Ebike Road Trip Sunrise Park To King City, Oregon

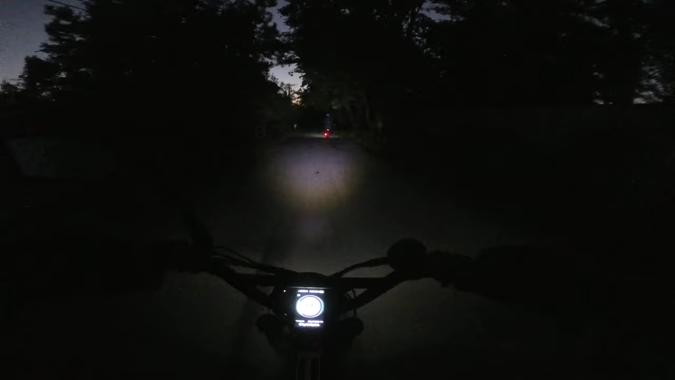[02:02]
It's not quite Halloween yet, but it kind of feels that way with the cool temperatures.
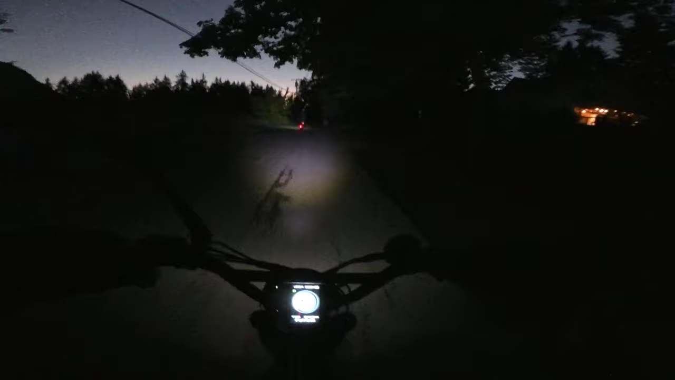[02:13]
Dark out right now, kind of eerie. I hear nature, I hear birds.
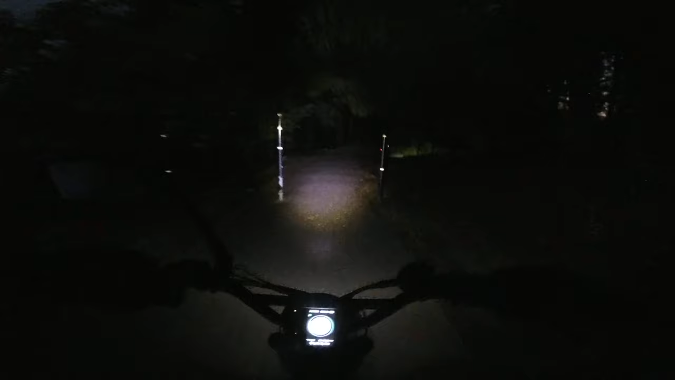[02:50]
Yeah, this could very well be the Sunrise Park right in here. I had to keep my mouth closed right there. There was a moth flying around. I didn't want to get that. I didn't want that for breakfast. Lots of leaves here down on the ground.
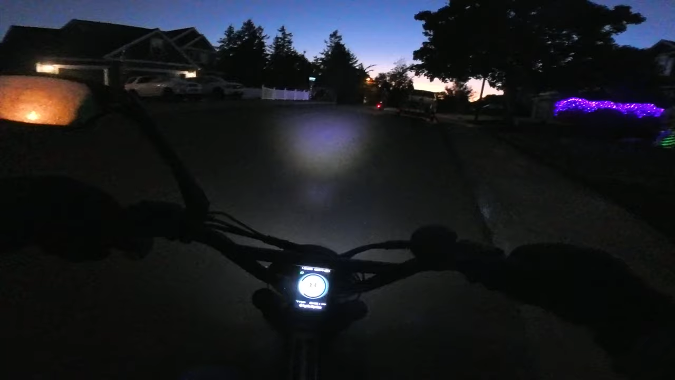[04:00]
Some very large houses in around here.
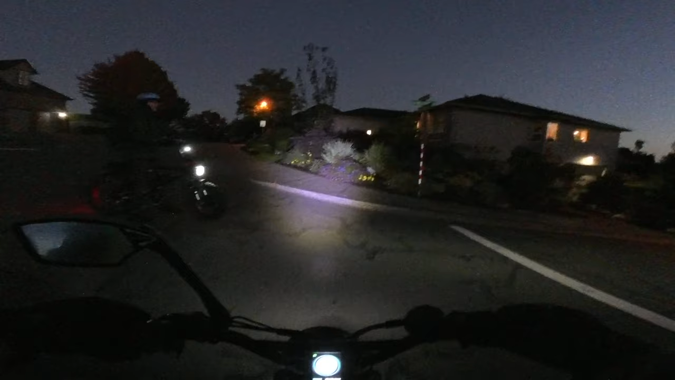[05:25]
Now that's a, postcard picture right there. Yeah. I'm pretty sure that's Mount St.
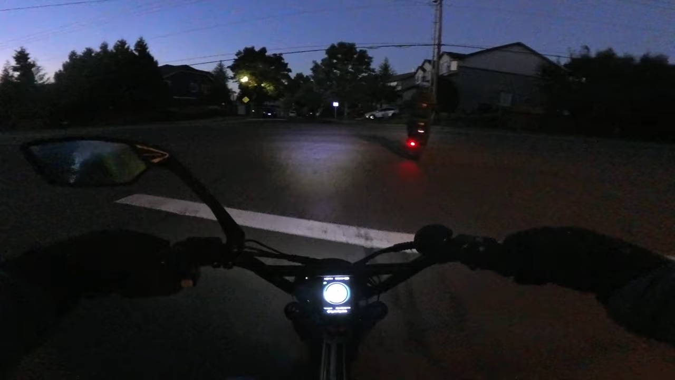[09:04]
Okay, so we're on Bull Mountain Road now after riding a little bit through the neighborhood there, and Keith is just flying down the road, so I guess

### Instructions for the task
Since the pictures are not part of the copy, transcribe only the remaining material, exactly.

### Task response
Ebike Road Trip Sunrise Park To King City, Oregon

[02:02]
It's not quite Halloween yet, but it kind of feels that way with the cool temperatures.
[02:13]
Dark out right now, kind of eerie. I hear nature, I hear birds.
[02:50]
Yeah, this could very well be the Sunrise Park right in here. I had to keep my mouth closed right there. There was a moth flying around. I didn't want to get that. I didn't want that for breakfast. Lots of leaves here down on the ground.
[04:00]
Some very large houses in around here.
[05:25]
Now that's a, postcard picture right there. Yeah. I'm pretty sure that's Mount St.
[09:04]
Okay, so we're on Bull Mountain Road now after riding a little bit through the neighborhood there, and Keith is just flying down the road, so I guess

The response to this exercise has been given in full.